**TRY IT**
Your task is to repeat the entries word for word while leaving out the pictures.

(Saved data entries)
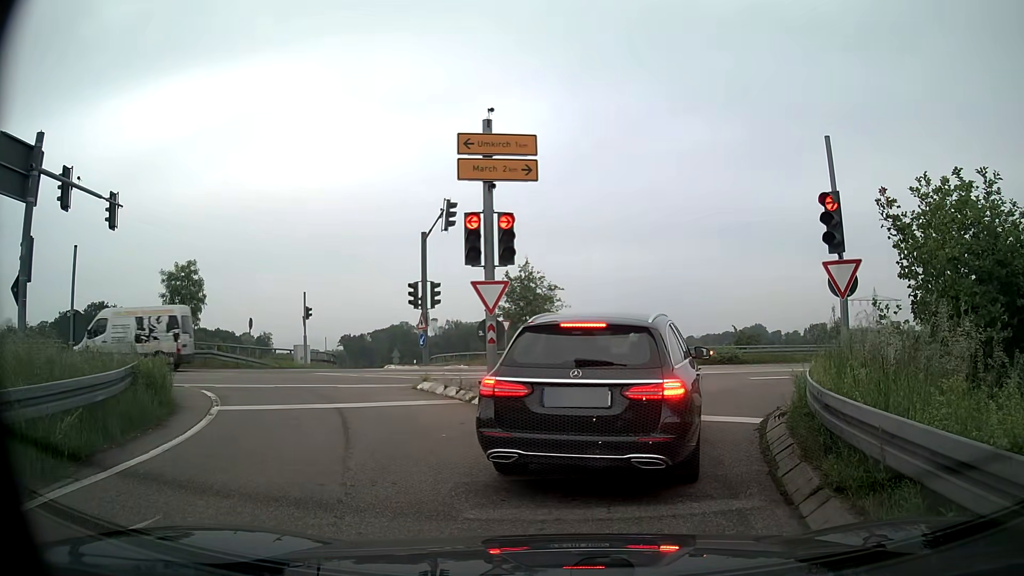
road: trunk_link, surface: asphalt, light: Day
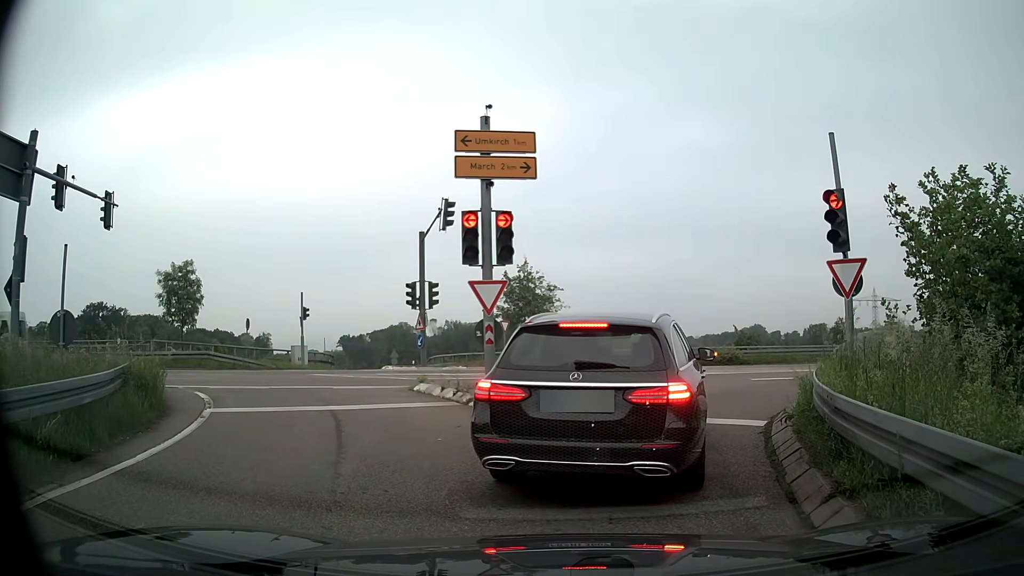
(0.0, +0.2) m; 0°
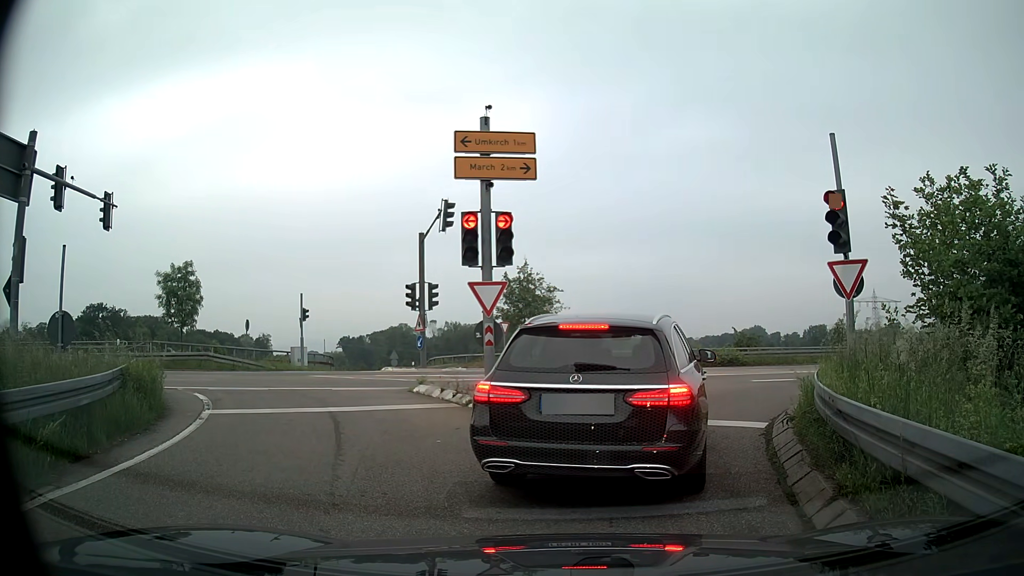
(0.0, +0.1) m; 0°
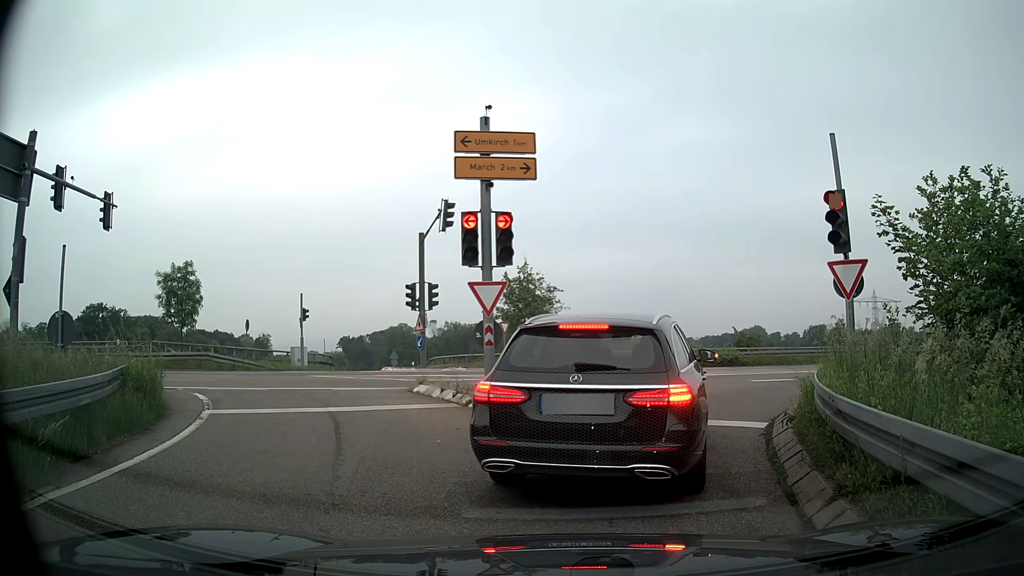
(0.0, 0.0) m; 0°
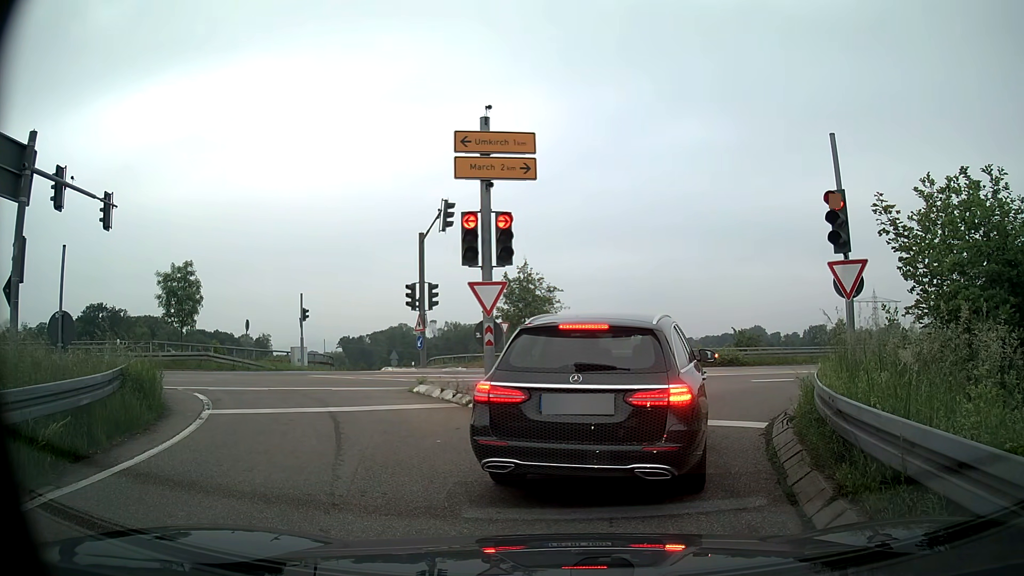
(0.0, 0.0) m; 0°
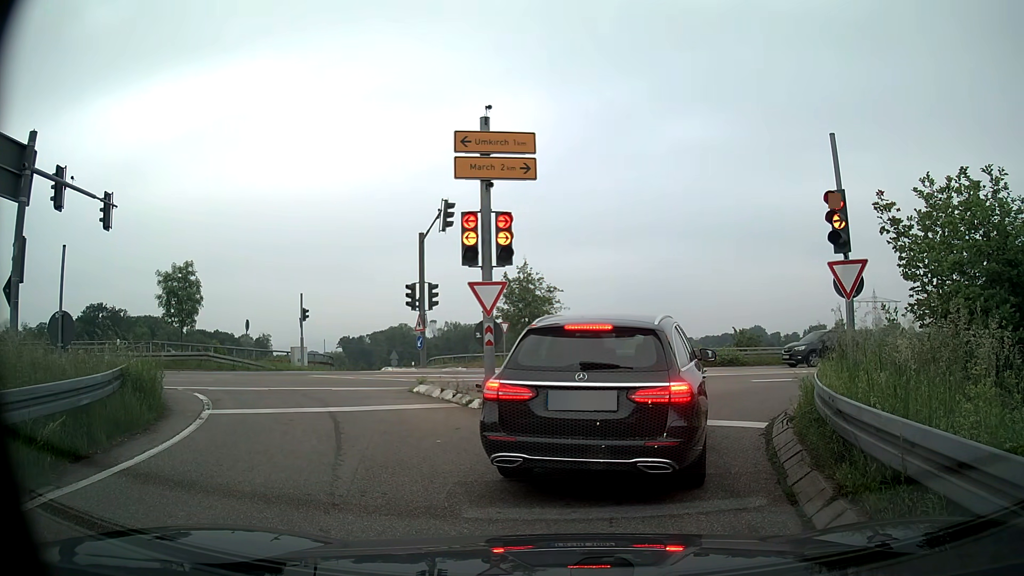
(0.0, 0.0) m; 0°
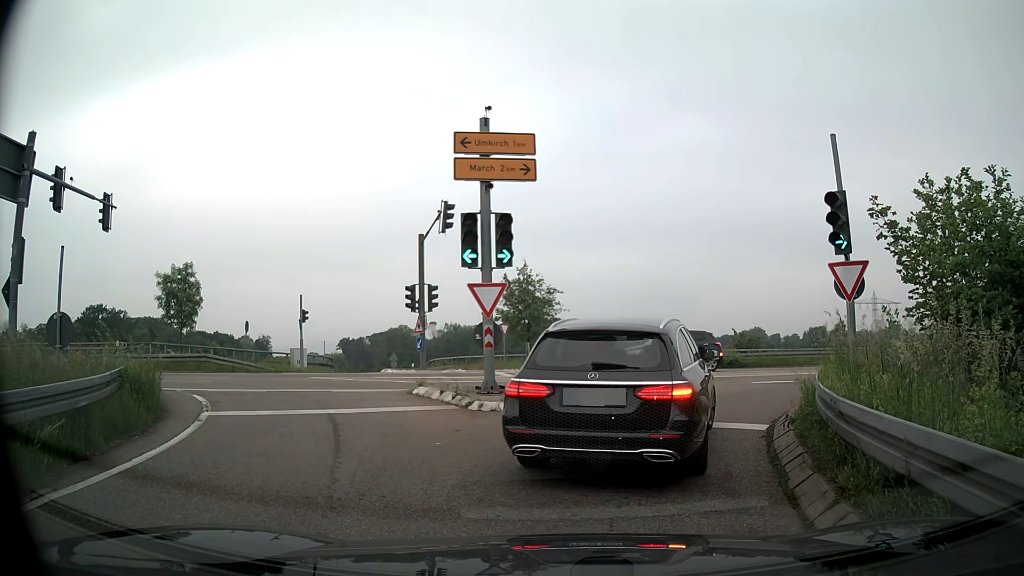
(0.0, 0.0) m; 0°
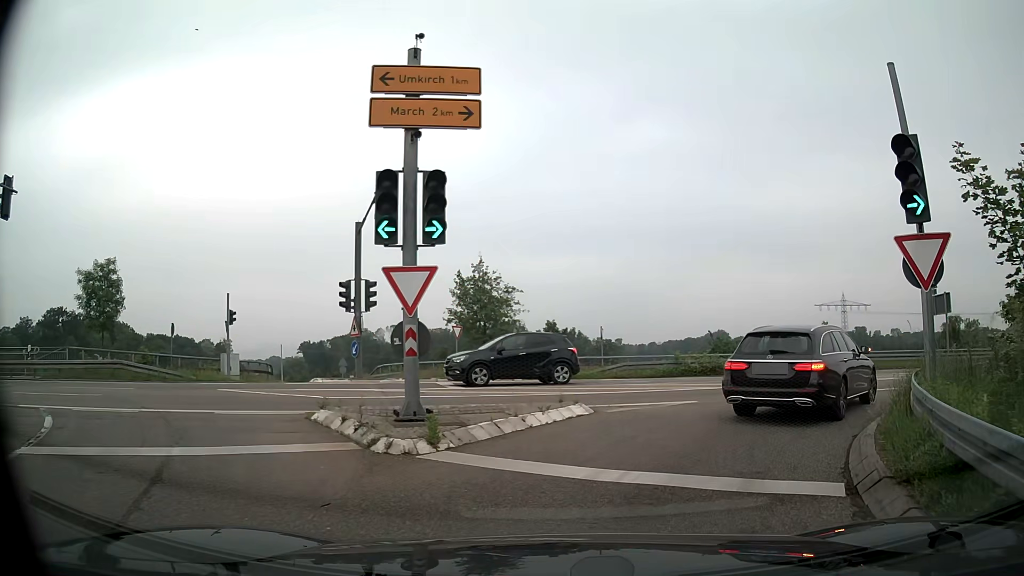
(+0.1, +4.3) m; +4°
(+2, +10) (+8, +18) (+16, +23) (+26, +26) (+35, +30) (+44, +34) (+54, +37) (+63, +41) (+72, +44) (+82, +47) m

**RESULT FOR THIS TASK**
road: trunk_link, surface: asphalt, light: Day
(0.0, +0.2) m; 0°
(0.0, +0.1) m; 0°
(0.0, 0.0) m; 0°
(0.0, 0.0) m; 0°
(0.0, 0.0) m; 0°
(0.0, 0.0) m; 0°
(+0.1, +4.3) m; +4°
(+2, +10) (+8, +18) (+16, +23) (+26, +26) (+35, +30) (+44, +34) (+54, +37) (+63, +41) (+72, +44) (+82, +47) m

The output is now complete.